Zeszliśmy do kuchni i zrobiliśmy sobie tosty. Jedliśmy w ciszy. Przyjemnej ciszy. Słońce wpadało do kuchni przez okno przy okazji rozświetlając nasze twarze. Oczy Bartka się pięknie mieniły w blasku słońca. Spojrzenia się wymieniały, ale w końcu tą atmosferę musiał ktoś przerwać. Usłyszeliśmy dzwonek do drzwi. Z początku myślałam, że będą to po prostu jego rodzice, ale się przeliczyłam.

-Czego chcesz?

-Mojego naszyjnika.

-On nie jest twój!

-Jest! Zostawiłam go tu! - położyła swoje dłonie na jego karku. - Bartuś, ja cię tak kocham - zmieniła ton mówienia. Myślałam, że krew mnie zaleje od środka.

-Wynoś się stąd!

-Już nie pamiętasz, jak było nam dobrze, gdy byliśmy razem?

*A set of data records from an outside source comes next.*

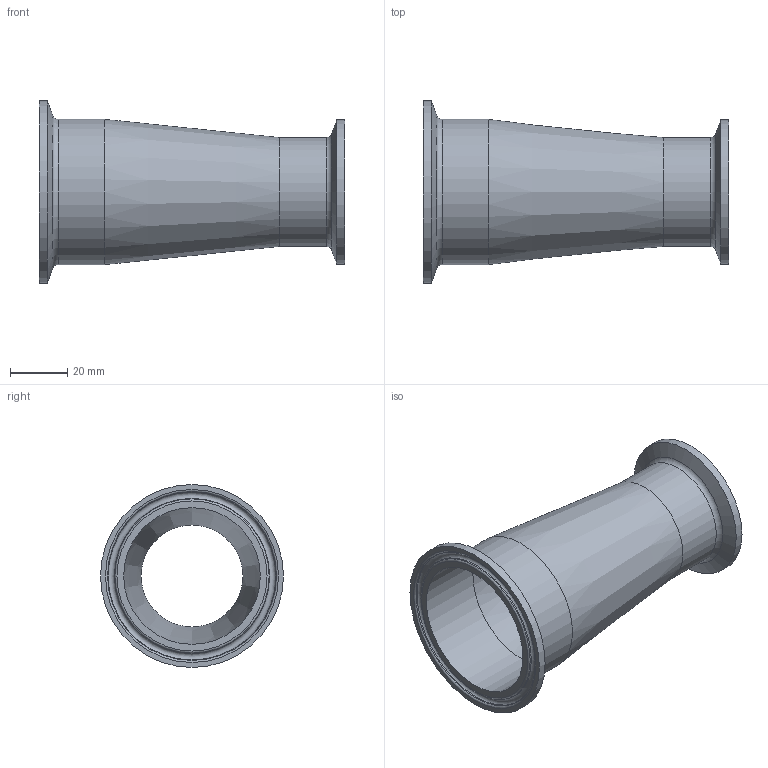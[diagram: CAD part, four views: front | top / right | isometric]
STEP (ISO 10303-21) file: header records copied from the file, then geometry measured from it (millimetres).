
FILE_DESCRIPTION(/* description */ (''),/* implementation_level */ '2;1');
FILE_NAME(/* name */ '31-14MD 20×15.stp',/* time_stamp */ '2022-04-11T10:58:45+09:00',/* author */ ('3dcad-eng'),/* organization */ (''),/* preprocessor_version */ 'ST-DEVELOPER v18.1',/* originating_system */ 'Autodesk Inventor 2022',/* authorisation */ '');
FILE_SCHEMA (('AUTOMOTIVE_DESIGN { 1 0 10303 214 3 1 1 }'));
Length unit declared in the file: millimetre
Products named in the file (1): 31-14MD 20×15
Bounding box: 107 x 64 x 64 mm (x, y, z)
Volume: 26906.7 mm3; surface area: 33620.6 mm2
Topology: 1 solids, 1 shells, 26 faces, 61 edges, 39 vertices
Faces by surface type: torus 8, cone 8, cylinder 6, plane 4
Full cylindrical faces by diameter (mm): 35.7 x1, 38.1 x1, 47.8 x1, 50.5 x1, 50.8 x1, 64 x1
Entity records: 817 total; most frequent: DIRECTION 162, CARTESIAN_POINT 127, ORIENTED_EDGE 122, AXIS2_PLACEMENT_3D 74, EDGE_CURVE 61, CIRCLE 47, VERTEX_POINT 39, EDGE_LOOP 30
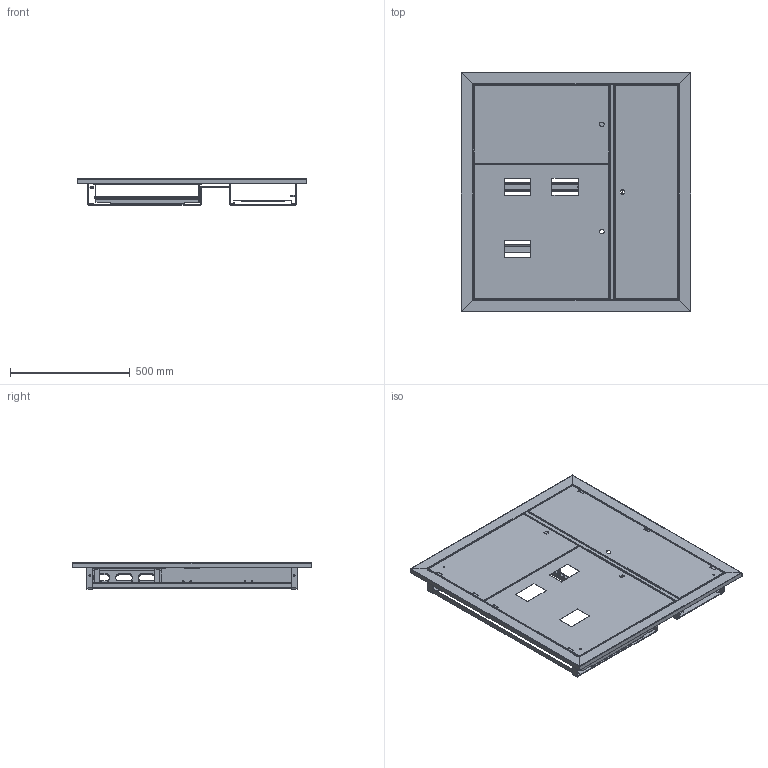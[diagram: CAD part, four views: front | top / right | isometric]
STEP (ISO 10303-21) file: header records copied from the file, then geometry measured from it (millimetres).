
FILE_DESCRIPTION(('STEP AP203'), '1');
FILE_NAME('ﾌﾊﾌ42-04-ﾅ', '', ('UNSPECIFIED'), ('UNSPECIFIED'), 'C3D Converter', 'C3D Toolkit', '');
FILE_SCHEMA(('CONFIG_CONTROL_DESIGN'));
Length unit declared in the file: millimetre
Products named in the file (32): MKM42-X-E-05; ЩЭЭ 001.01.00; ЩЭЭ 001.01.01; ЩЭЭ 001.01.02-01; ЩЭЭ 001.01.02; ЩЭЭ 001.04.00; ЩЭЭ 001.04.01; ЩЭЭ 001.04.02; ЩЭЭ 001.05.00; ЩЭЭ 001.05.01; PT DIN EN ISO 13918; ЩЭЭ 001.05.00-01; ЩЭЭ 001.01.04; КИВА 049.01.04; ЩЭЭ 001.01.03; ЩЭЭ 001.00.01; ЩЭЭ 001.00.02; ЩЭЭ 001.00.08; ЩЭЭ 001.00.09; ЩЭЭ 001.00.09-01; ЩЭЭ 001.06.00; ЩЭЭ 001.06.01; КИВА 049.00.10; КИВА 049.00.10-01; КИВА 049.00.05; КИВА 049.00.04; КИВА 049.00.03; КИВА 049.00.01-02
Assembly tree (60 placements, depth 4):
  MKM42-X-E-05
    ЩЭЭ 001.01.00
      ЩЭЭ 001.01.01  x2
      ЩЭЭ 001.01.02-01
      ЩЭЭ 001.01.02
      ЩЭЭ 001.04.00
        ЩЭЭ 001.04.01
        ЩЭЭ 001.04.02
      ЩЭЭ 001.05.00
        ЩЭЭ 001.05.01
        PT DIN EN ISO 13918  x3
      ЩЭЭ 001.05.00-01
        ЩЭЭ 001.05.01
        PT DIN EN ISO 13918  x2
      ЩЭЭ 001.01.04
      КИВА 049.01.04
      ЩЭЭ 001.01.03  x2
      (unnamed)  x2
    ЩЭЭ 001.00.01
    ЩЭЭ 001.00.02
    ЩЭЭ 001.00.08  x2
    ЩЭЭ 001.00.09
    ЩЭЭ 001.00.09-01
    ЩЭЭ 001.06.00
      ЩЭЭ 001.06.01
      PT DIN EN ISO 13918
    КИВА 049.00.10  x2
    КИВА 049.00.10-01  x2
    КИВА 049.00.05
    КИВА 049.00.04  x4
    КИВА 049.00.03  x2
    КИВА 049.00.01-02
    (unnamed)  x5
    (unnamed)  x7
    (unnamed)  x4
Bounding box: 960 x 1000 x 109 mm (x, y, z)
Volume: 2118692.8 mm3; surface area: 3858801.1 mm2
Topology: 55 solids, 55 shells, 2163 faces, 5133 edges, 3076 vertices
Faces by surface type: plane 1534, cylinder 561, bspline 58, cone 10
Full cylindrical faces by diameter (mm): 3 x12, 4 x28, 6 x14, 6.5 x28, 7 x12, 8 x6
Entity records: 38307 total; most frequent: CARTESIAN_POINT 8195, DIRECTION 5535, ORIENTED_EDGE 5432, EDGE_CURVE 2716, LINE 2109, VECTOR 2109, AXIS2_PLACEMENT_3D 1713, VERTEX_POINT 1665

-Nie, nie było. Teraz jestem szczęśliwszy z kimś innym! - zabrał jej ręce ze swojego karku. - Wynoś się stąd! - powtórzył.

-Zgłoszę cię za kradzież! - drzwi trzasnęły.

-Nie wiem, co ja w niej widziałem.

Nie potrafię sobie teraz wyobrazić, jak wyglądałoby moje życie, gdyby nie Bartek. Przecież po tym wszystkim, co mnie spotkało, sama bym sobie nie poradziła.

-Dziękuję, że tu jesteś. Że się mną opiekujesz i wybaczasz wszystko, co zrobiłam źle i nierozsądnie.

-Dziękuję, że tu jesteś - zamknął moją dłoń w swojej. Uśmiechnęłam się.